Combining all of the above assumptions, we can update the 1999 white paper and crudely estimate two standard error intervals for U.S. national, state and localized hurricane PML estimates as follows:
Figure 3 shows the two standard error uncertainty bands implied by reports given by the three principal model vendors. They were given to the Florida Commission for the 100-year hurricane PML of the Florida Hurricane Catastrophe Fund. It also shows the band implied by the above table. Each two-color bar represents one model’s estimates. The PML estimate in the center has been scaled to 100 percent. The top of the bar represents the upper uncertainty bound and the bottom represents the lower uncertainty bound. Evidently, the three vendors used dramatically different assumptions and/or methods for computing the uncertainties, and none of them are as wide as we calculate they must be.

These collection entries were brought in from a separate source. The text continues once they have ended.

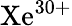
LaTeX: \mathrm{Xe^{30+}}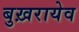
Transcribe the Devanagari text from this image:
बुख़रायेव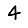
Digit: 4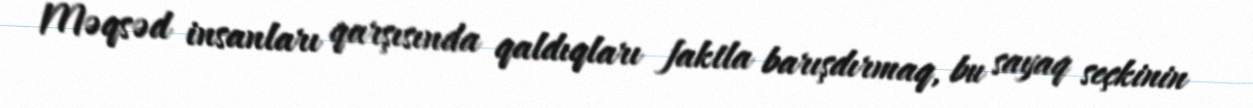
Məqsəd insanları qarşısında qaldıqları faktla barışdırmaq, bu sayaq seçkinin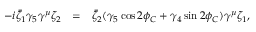
\begin{array} { l c l } { { - i \bar { \zeta } _ { 1 } \gamma _ { 5 } \gamma ^ { \mu } \zeta _ { 2 } } } & { { = } } & { { \bar { \zeta } _ { 2 } ( \gamma _ { 5 } \cos 2 \phi _ { C } + \gamma _ { 4 } \sin 2 \phi _ { C } ) \gamma ^ { \mu } \zeta _ { 1 } , } } \end{array}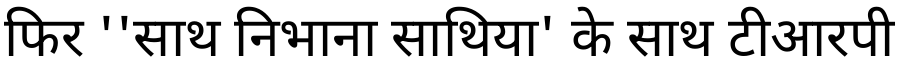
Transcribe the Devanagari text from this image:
फिर ''साथ निभाना साथिया' के साथ टीआरपी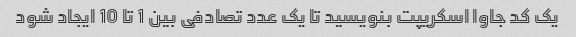
یک کد جاوا اسکریپت بنویسید تا یک عدد تصادفی بین 1 تا 10 ایجاد شود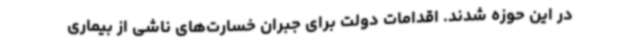
در این حوزه شدند. اقدامات دولت برای جبران خسارت‌های ناشی از بیماری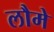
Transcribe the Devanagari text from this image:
लौमे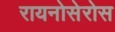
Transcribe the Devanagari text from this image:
रायनोसेरोस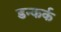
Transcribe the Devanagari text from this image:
डन्कर्क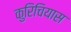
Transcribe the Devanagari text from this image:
कुरिचियास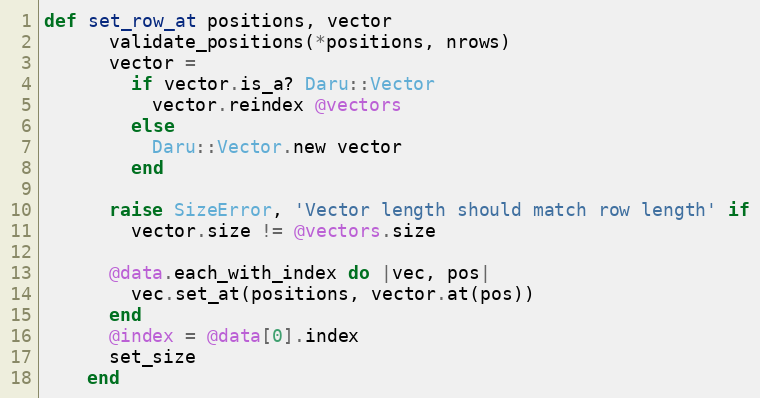
Language: Ruby
def set_row_at positions, vector
      validate_positions(*positions, nrows)
      vector =
        if vector.is_a? Daru::Vector
          vector.reindex @vectors
        else
          Daru::Vector.new vector
        end

      raise SizeError, 'Vector length should match row length' if
        vector.size != @vectors.size

      @data.each_with_index do |vec, pos|
        vec.set_at(positions, vector.at(pos))
      end
      @index = @data[0].index
      set_size
    end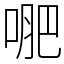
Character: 𭈙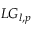
L G _ { l , p }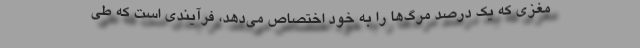
مغزی که یک درصد مرگ‌ها را به خود اختصاص می‌دهد، فرآیندی است که طی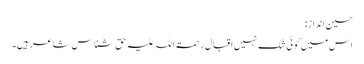
حسین انداز:
اس میں کوئی شک نہیں اقبال رحمۃ اللہ علیہ حق شناس شاعر ہیں۔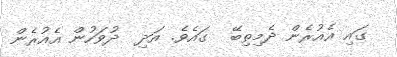
ގައި އެއުރެން ދެމިތިބޭ  ގައެވެ. އަދި  ދުވަހުން އެއުރެން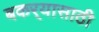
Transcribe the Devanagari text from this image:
बकर्‍यासाठी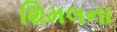
શિમલના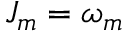
J _ { m } = \omega _ { m }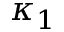
\kappa _ { 1 }
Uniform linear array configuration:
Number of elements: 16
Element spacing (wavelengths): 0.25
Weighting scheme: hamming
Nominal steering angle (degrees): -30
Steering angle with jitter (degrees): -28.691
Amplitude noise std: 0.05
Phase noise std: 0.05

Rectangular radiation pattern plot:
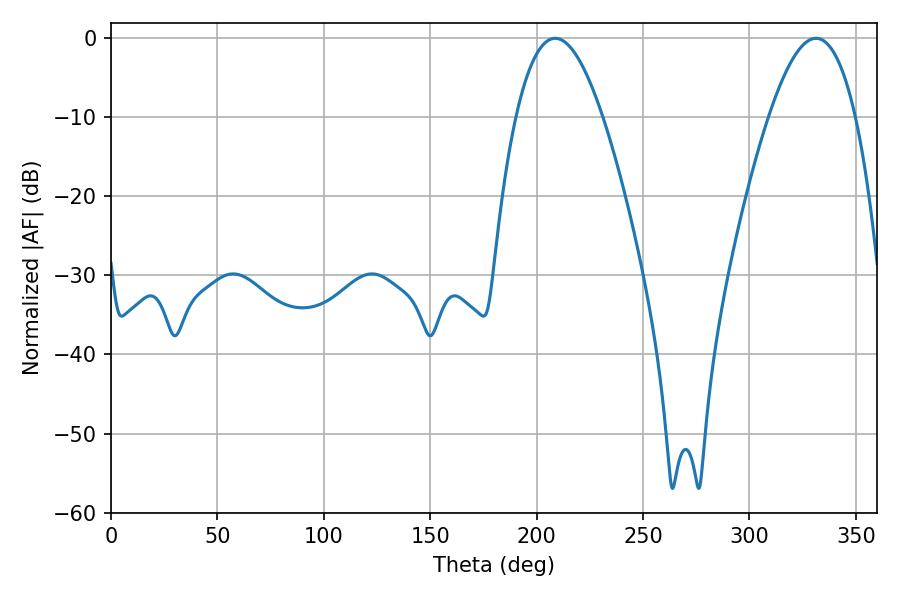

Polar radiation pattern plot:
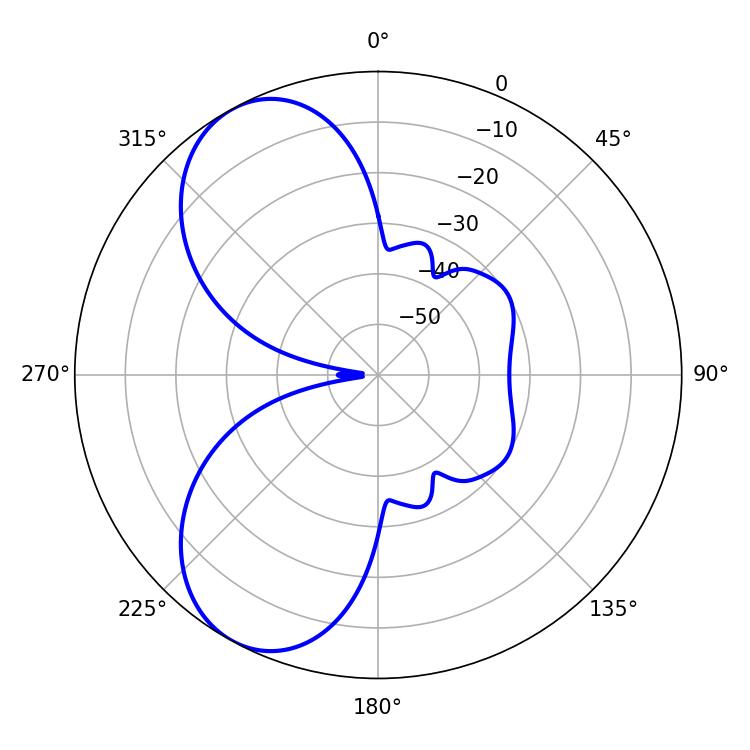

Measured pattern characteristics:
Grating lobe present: FALSE
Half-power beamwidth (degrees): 22.32
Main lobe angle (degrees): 208.8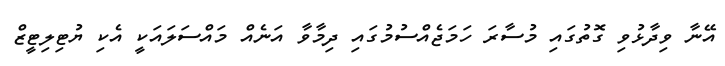
އޭނާ ވިދާޅުވި ގޮތުގައި މުސާރަ ހަމަޖެއްސުމުގައި ދިމާވާ އަނެއް މައްސަލައަކީ އެކި ޔުޓިލިޓީޒް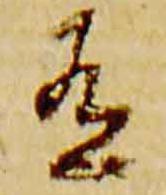
有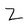
Character: Z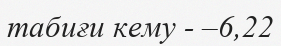
табиғи кему - –6,22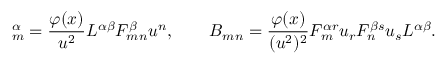
\d A _ { m } ^ { \alpha } = { \frac { \varphi ( x ) } { u ^ { 2 } } } { \cal L } ^ { \alpha \beta } { \cal F } _ { m n } ^ { \beta } u ^ { n } , \qquad \d B _ { m n } = { \frac { \varphi ( x ) } { ( u ^ { 2 } ) ^ { 2 } } } { \cal F } _ { m } ^ { \alpha r } u _ { r } { \cal F } _ { n } ^ { \beta s } u _ { s } { \cal L } ^ { \alpha \beta } .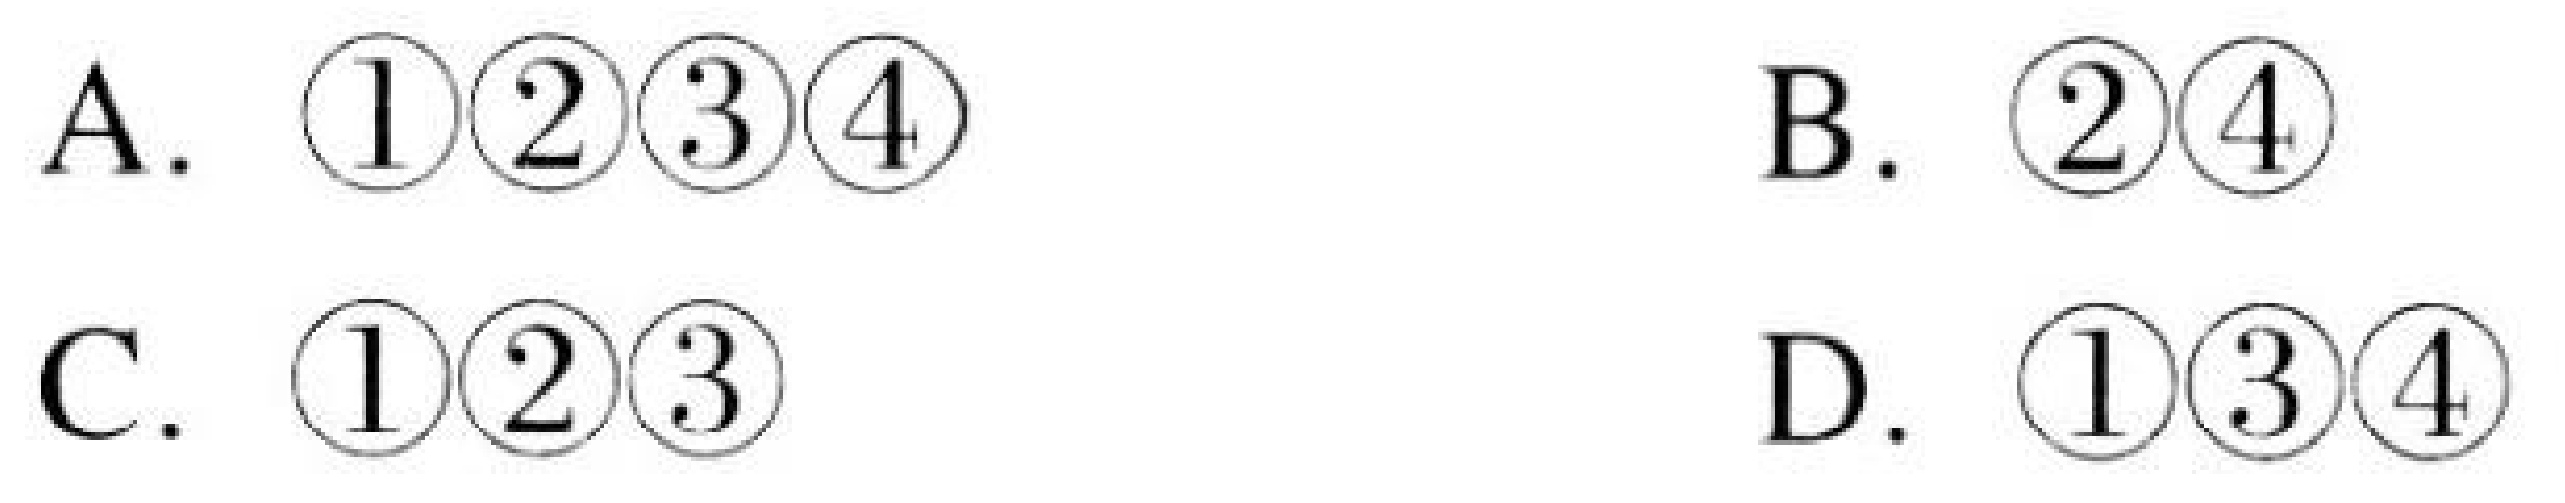
A. \(\textcircled{1}\textcircled{2}\textcircled{3}\textcircled{4}\)
B. \(\textcircled{2}\textcircled{4}\)
C. \(\textcircled{1}\textcircled{2}\textcircled{3}\)
D. \(\textcircled{1}\textcircled{3}\textcircled{4}\)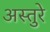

The three major model vendors report widely varying levels of uncertainty in their outputs. We believe it is underestimated in all cases – in one instance, by a huge margin. GC bar is based on Guy Carpenter’s own analysis.
While the analyses discussed above focused on hurricane models in the United States, much of the same considerations apply to other perils and other countries, perhaps with more force. Atlantic hurricanes are represented by many decades of data and intense study. Surely the uncertainties surrounding earthquake risk in the New Madrid region of the United States or less well documented perils in other parts of the world must be larger.
In 1974, Dr. Friedman described his work as “providing an order of magnitude measure of overall loss potential associated with natural hazards.” This simple humility is worth emulating.
Notes:
1 Friedman, Don G. (1984) Natural Hazard Risk Assessment for an Insurance Program, The Geneva Papers on Risk and Insurance, Proceedings of the First Meeting of the International Working Group on Natural Disasters and Insurance (I), Vol. 9, No. 30, January.
2 Miller, David (1999) Uncertainty in Hurricane Risk Modeling and Implications for Securitization, Casualty Actuarial Society Discussion Paper Program.
3 Major, John A. (1999) Uncertainty in Catastrophe Models Part I: What is It and Where Does It Come From? (February); Uncertainty in Catastrophe Models Part II: How Bad is It? (March), Financing Risk & Reinsurance, International Risk Management Institute.